→ **Try it**: Each line containing the string "brown" should be copied out of the entries.

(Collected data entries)
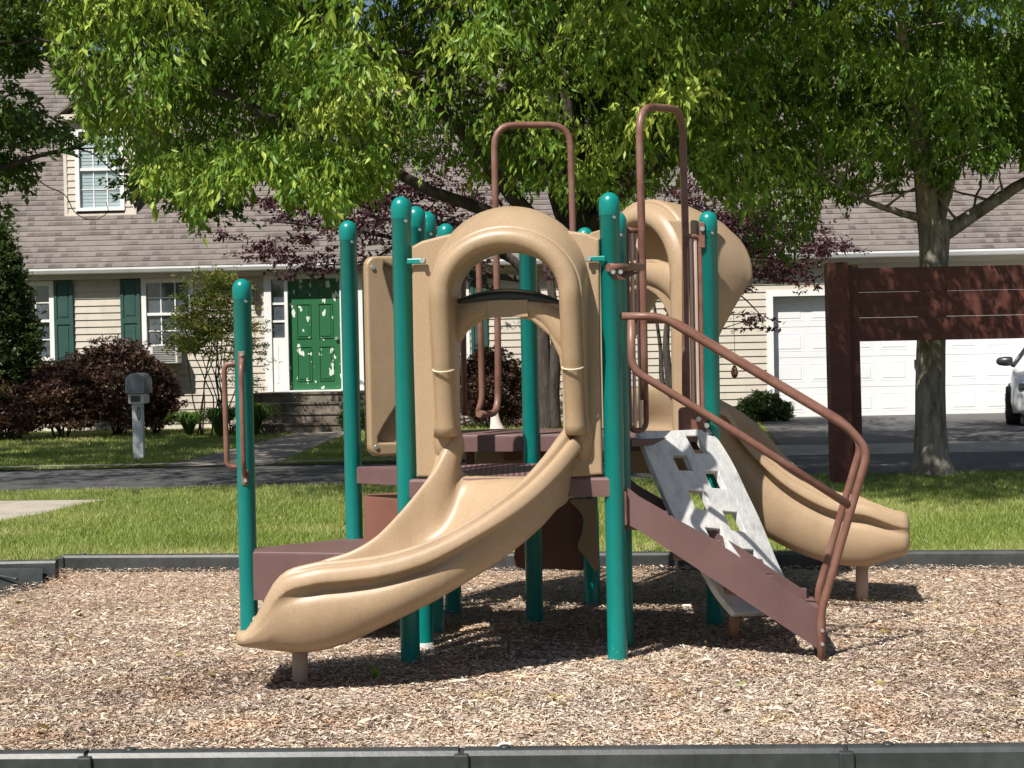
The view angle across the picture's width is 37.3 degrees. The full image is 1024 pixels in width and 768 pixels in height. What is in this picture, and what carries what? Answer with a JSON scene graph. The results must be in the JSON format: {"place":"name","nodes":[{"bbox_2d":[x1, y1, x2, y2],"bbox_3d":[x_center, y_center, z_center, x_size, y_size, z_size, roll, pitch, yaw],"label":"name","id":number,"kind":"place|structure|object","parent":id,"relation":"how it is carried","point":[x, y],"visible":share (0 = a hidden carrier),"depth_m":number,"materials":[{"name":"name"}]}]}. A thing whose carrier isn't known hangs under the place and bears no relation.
{"place":"outdoors","nodes":[
{"label":"outdoors","id":0,"kind":"place"},
{"bbox_2d":[0,500,99,519],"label":"path","id":1,"kind":"structure","parent":0,"point":[11,508],"depth_m":14.10,"materials":[{"name":"concrete"}]},
{"bbox_2d":[158,431,343,467],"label":"front path","id":2,"kind":"structure","parent":0,"point":[279,448],"depth_m":21.92,"materials":[{"name":"concrete"}]},
{"bbox_2d":[0,0,1021,57],"label":"sky","id":3,"kind":"structure","parent":0,"point":[367,2],"materials":[{"name":"white"}]},
{"bbox_2d":[0,451,1023,490],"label":"road","id":4,"kind":"structure","parent":0,"point":[279,475],"depth_m":17.48,"materials":[{"name":"grey asphalt"}]},
{"bbox_2d":[0,422,1023,559],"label":"ground","id":5,"kind":"structure","parent":0,"point":[273,464],"depth_m":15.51,"materials":[{"name":"green plant"}]},
{"bbox_2d":[0,215,52,439],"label":"evergreen shrub","id":6,"kind":"object","parent":5,"relation":"on","point":[20,333],"visible":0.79,"depth_m":25.36,"materials":[{"name":"green plant"}]},
{"bbox_2d":[0,375,58,439],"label":"barberry shrub","id":7,"kind":"object","parent":5,"relation":"on","point":[14,416],"visible":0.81,"depth_m":24.98,"materials":[{"name":"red plant"}]},
{"bbox_2d":[0,559,58,580],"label":"border timber","id":8,"kind":"object","parent":5,"relation":"on","point":[50,567],"visible":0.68,"depth_m":9.58,"materials":[{"name":"black plastic"}]},
{"bbox_2d":[0,749,89,767],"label":"border timber","id":9,"kind":"object","parent":5,"relation":"on","point":[49,758],"visible":1,"depth_m":4.99,"materials":[{"name":"black plastic"}]},
{"bbox_2d":[4,355,113,438],"bbox_3d":[-7.528,0.234,25.500,1.967,1.479,1.466,-1,1,0],"label":"barberry shrub","id":10,"kind":"object","parent":5,"relation":"on","point":[50,375],"visible":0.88,"depth_m":25.16,"materials":[{"name":"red plant"}]},
{"bbox_2d":[53,334,186,435],"bbox_3d":[-6.687,0.045,25.869,2.342,1.833,1.894,-1,1,0],"label":"barberry shrub","id":11,"kind":"object","parent":5,"relation":"on","point":[125,360],"visible":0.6,"depth_m":25.55,"materials":[{"name":"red plant"}]},
{"bbox_2d":[0,0,260,231],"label":"oak tree","id":12,"kind":"object","parent":5,"relation":"on","point":[18,64],"visible":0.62,"depth_m":20.04,"materials":[{"name":"green plant"}]},
{"bbox_2d":[125,373,151,458],"bbox_3d":[-5.088,0.468,20.721,0.250,1.239,0.495,-1,1,0],"label":"mailbox","id":13,"kind":"object","parent":5,"relation":"on","point":[138,382],"visible":0.91,"depth_m":20.70,"materials":[{"name":"plastic"}]},
{"bbox_2d":[56,553,238,572],"bbox_3d":[-2.333,1.204,9.804,1.235,0.221,0.102,-1,1,7],"label":"border timber","id":14,"kind":"object","parent":5,"relation":"on","point":[113,562],"visible":0.55,"depth_m":9.77,"materials":[{"name":"black plastic"}]},
{"bbox_2d":[128,359,189,433],"bbox_3d":[-6.116,0.223,26.183,1.188,1.392,1.021,-1,1,0],"label":"barberry shrub","id":15,"kind":"object","parent":5,"relation":"on","point":[169,375],"visible":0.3,"depth_m":26.05,"materials":[{"name":"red plant"}]},
{"bbox_2d":[191,406,235,436],"bbox_3d":[-4.834,0.626,25.108,1.064,0.496,1.045,-1,1,0],"label":"daylily","id":16,"kind":"object","parent":5,"relation":"on","point":[214,416],"visible":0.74,"depth_m":24.95,"materials":[{"name":"green plant"}]},
{"bbox_2d":[149,264,280,435],"bbox_3d":[-4.944,-0.561,25.504,2.230,2.957,2.133,-1,1,0],"label":"nandina shrub","id":17,"kind":"object","parent":5,"relation":"on","point":[199,328],"visible":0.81,"depth_m":25.44,"materials":[{"name":"green plant"}]},
{"bbox_2d":[0,457,475,466],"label":"kerb","id":18,"kind":"structure","parent":5,"relation":"on","point":[186,463],"depth_m":19.27,"materials":[{"name":"concrete"}]},
{"bbox_2d":[228,402,285,434],"bbox_3d":[-4.291,0.582,25.311,1.101,0.548,1.079,-1,1,0],"label":"daylily","id":19,"kind":"object","parent":5,"relation":"on","point":[262,412],"visible":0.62,"depth_m":25.20,"materials":[{"name":"green plant"}]},
{"bbox_2d":[76,746,459,767],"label":"border timber","id":20,"kind":"object","parent":5,"relation":"on","point":[360,757],"visible":0.99,"depth_m":4.96,"materials":[{"name":"black plastic"}]},
{"bbox_2d":[336,403,364,429],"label":"green shrub","id":21,"kind":"object","parent":5,"relation":"on","point":[339,419],"visible":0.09,"depth_m":25.75,"materials":[{"name":"green plant"}]},
{"bbox_2d":[194,145,561,428],"bbox_3d":[-1.906,-1.495,24.934,6.258,4.685,2.714,-1,1,0],"label":"purple leaf tree","id":22,"kind":"object","parent":5,"relation":"on","point":[549,384],"visible":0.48,"depth_m":24.91,"materials":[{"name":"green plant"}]},
{"bbox_2d":[0,420,774,469],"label":"grass","id":23,"kind":"structure","parent":5,"relation":"on","point":[25,460],"depth_m":22.16,"materials":[{"name":"green plant"}]},
{"bbox_2d":[163,411,208,435],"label":"daylily","id":24,"kind":"object","parent":23,"relation":"on","point":[185,419],"visible":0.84,"depth_m":25.36,"materials":[{"name":"green plant"}]},
{"bbox_2d":[460,343,521,428],"bbox_3d":[-0.337,0.054,26.165,1.558,1.589,1.286,-1,1,0],"label":"barberry shrub","id":25,"kind":"object","parent":5,"relation":"on","point":[511,391],"visible":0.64,"depth_m":25.95,"materials":[{"name":"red plant"}]},
{"bbox_2d":[0,0,1016,462],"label":"shade tree","id":26,"kind":"object","parent":5,"relation":"on","point":[292,152],"visible":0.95,"depth_m":13.92,"materials":[{"name":"green plant"}]},
{"bbox_2d":[0,569,1023,748],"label":"playground surface","id":27,"kind":"object","parent":5,"relation":"on","point":[477,580],"visible":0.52,"depth_m":8.13,"materials":[{"name":"brown wood"}]},
{"bbox_2d":[0,568,42,596],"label":"access ramp","id":28,"kind":"structure","parent":27,"relation":"on","point":[16,576],"depth_m":9.42,"materials":[{"name":"black plastic"}]},
{"bbox_2d":[0,564,1023,749],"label":"wood chips","id":29,"kind":"object","parent":27,"relation":"on","point":[776,712],"visible":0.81,"depth_m":6.33,"materials":[{"name":"brown wood"}]},
{"bbox_2d":[370,667,378,678],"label":"seedling","id":30,"kind":"object","parent":29,"relation":"on","point":[374,673],"visible":1,"depth_m":6.51,"materials":[{"name":"green plant"}]},
{"bbox_2d":[0,573,1023,743],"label":"fallen leaves","id":31,"kind":"object","parent":27,"relation":"on","point":[42,725],"visible":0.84,"depth_m":6.52,"materials":[{"name":"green plant"}]},
{"bbox_2d":[222,103,909,685],"bbox_3d":[0.349,-0.048,7.529,3.567,2.788,2.853,-1,1,0],"label":"play structure","id":32,"kind":"object","parent":27,"relation":"on","point":[428,537],"visible":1,"depth_m":7.05,"materials":[{"name":"plastic"}]},
{"bbox_2d":[0,34,1023,433],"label":"house","id":33,"kind":"structure","parent":5,"relation":"on","point":[118,266],"depth_m":27.61,"materials":[{"name":"beige plastic"}]},
{"bbox_2d":[25,281,54,360],"bbox_3d":[-8.832,-1.146,27.719,0.958,1.452,0.080,-1,1,1],"label":"window","id":34,"kind":"structure","parent":33,"relation":"in","point":[44,289],"depth_m":27.72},
{"bbox_2d":[150,344,181,362],"bbox_3d":[-6.260,-0.543,27.451,0.508,0.343,0.373,-1,1,0],"label":"air conditioner","id":35,"kind":"object","parent":33,"relation":"attached to","point":[163,356],"visible":0.49,"depth_m":27.27,"materials":[{"name":"white metal"}]},
{"bbox_2d":[141,277,193,349],"bbox_3d":[-6.270,-1.277,27.651,0.954,1.311,0.080,-1,1,1],"label":"window","id":36,"kind":"structure","parent":33,"relation":"in","point":[155,302],"depth_m":27.66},
{"bbox_2d":[251,283,256,304],"bbox_3d":[-4.698,-1.629,27.482,0.156,0.400,0.186,-2,1,-30],"label":"wall lamp","id":37,"kind":"object","parent":33,"relation":"attached to","point":[253,295],"visible":0.39,"depth_m":27.43,"materials":[{"name":"plastic"}]},
{"bbox_2d":[288,278,340,389],"bbox_3d":[-3.590,-0.905,27.617,0.949,2.024,0.090,-1,1,1],"label":"door","id":38,"kind":"structure","parent":33,"relation":"in","point":[314,310],"depth_m":27.62,"materials":[{"name":"green paint"}]},
{"bbox_2d":[460,282,469,373],"bbox_3d":[-1.200,-0.955,27.524,0.863,1.768,0.080,-1,1,1],"label":"window","id":39,"kind":"structure","parent":33,"relation":"in","point":[467,283],"depth_m":27.48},
{"bbox_2d":[773,296,1023,416],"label":"garage door","id":40,"kind":"structure","parent":33,"relation":"in","point":[975,383],"depth_m":27.47,"materials":[{"name":"metal"}]},
{"bbox_2d":[487,552,605,570],"bbox_3d":[0.086,1.161,9.521,1.235,0.221,0.102,-1,1,7],"label":"border timber","id":41,"kind":"object","parent":5,"relation":"on","point":[507,561],"depth_m":9.49,"materials":[{"name":"black plastic"}]},
{"bbox_2d":[453,744,842,767],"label":"border timber","id":42,"kind":"object","parent":5,"relation":"on","point":[713,756],"visible":0.96,"depth_m":4.90,"materials":[{"name":"black plastic"}]},
{"bbox_2d":[632,550,820,569],"bbox_3d":[1.296,1.139,9.380,1.235,0.221,0.102,-1,1,7],"label":"border timber","id":43,"kind":"object","parent":5,"relation":"on","point":[788,559],"visible":0.19,"depth_m":9.37,"materials":[{"name":"black plastic"}]},
{"bbox_2d":[468,0,1023,475],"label":"shade tree","id":44,"kind":"object","parent":5,"relation":"on","point":[992,134],"visible":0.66,"depth_m":15.41,"materials":[{"name":"green plant"}]},
{"bbox_2d":[653,176,871,385],"bbox_3d":[3.594,-1.333,24.066,4.605,4.150,2.467,-1,1,0],"label":"purple leaf tree","id":45,"kind":"object","parent":5,"relation":"on","point":[731,223],"visible":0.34,"depth_m":23.89,"materials":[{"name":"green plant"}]},
{"bbox_2d":[731,313,737,377],"bbox_3d":[3.601,-0.626,24.594,0.120,1.070,0.120,-1,1,0],"label":"bird feeder","id":46,"kind":"object","parent":45,"relation":"hanging from","point":[734,372],"visible":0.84,"depth_m":24.57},
{"bbox_2d":[735,388,796,421],"bbox_3d":[4.406,0.392,26.481,1.170,0.644,0.978,-1,1,0],"label":"green shrub","id":47,"kind":"object","parent":5,"relation":"on","point":[758,405],"visible":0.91,"depth_m":26.28,"materials":[{"name":"green plant"}]},
{"bbox_2d":[777,401,794,420],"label":"daylily","id":48,"kind":"object","parent":5,"relation":"on","point":[786,407],"visible":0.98,"depth_m":26.23,"materials":[{"name":"green plant"}]},
{"bbox_2d":[776,440,1023,455],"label":"driveway apron","id":49,"kind":"object","parent":5,"relation":"on","point":[893,448],"depth_m":20.04,"materials":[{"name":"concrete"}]},
{"bbox_2d":[821,550,1023,569],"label":"border timber","id":50,"kind":"object","parent":5,"relation":"on","point":[979,558],"visible":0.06,"depth_m":9.18,"materials":[{"name":"black plastic"}]},
{"bbox_2d":[824,262,1023,483],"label":"sign board","id":51,"kind":"object","parent":5,"relation":"on","point":[858,300],"visible":0.95,"depth_m":15.01,"materials":[{"name":"red paint"}]},
{"bbox_2d":[838,741,1023,767],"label":"border timber","id":52,"kind":"object","parent":5,"relation":"on","point":[887,754],"visible":0.92,"depth_m":4.85,"materials":[{"name":"black plastic"}]},
{"bbox_2d":[762,413,1023,444],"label":"driveway","id":53,"kind":"structure","parent":0,"point":[901,428],"depth_m":23.65,"materials":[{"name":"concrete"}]},
{"bbox_2d":[996,348,1023,423],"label":"parked car","id":54,"kind":"object","parent":53,"relation":"on","point":[1014,402],"visible":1,"depth_m":24.02,"materials":[{"name":"white paint"}]}
]}

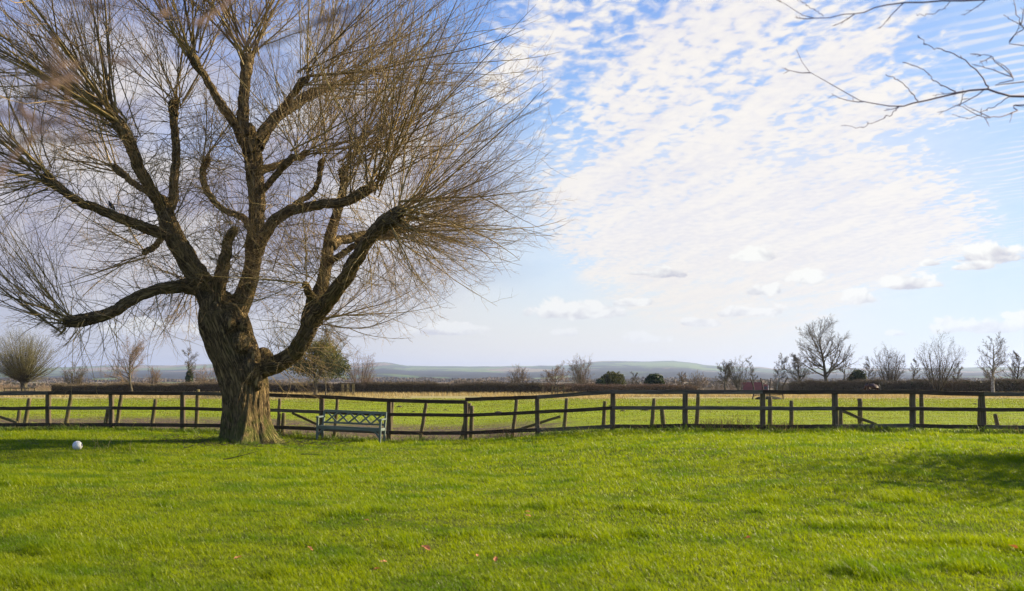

→ **Solution for this problem**:
{"bbox_2d":[0,569,1023,748],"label":"playground surface","id":27,"kind":"object","parent":5,"relation":"on","point":[477,580],"visible":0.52,"depth_m":8.13,"materials":[{"name":"brown wood"}]},
{"bbox_2d":[0,564,1023,749],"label":"wood chips","id":29,"kind":"object","parent":27,"relation":"on","point":[776,712],"visible":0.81,"depth_m":6.33,"materials":[{"name":"brown wood"}]},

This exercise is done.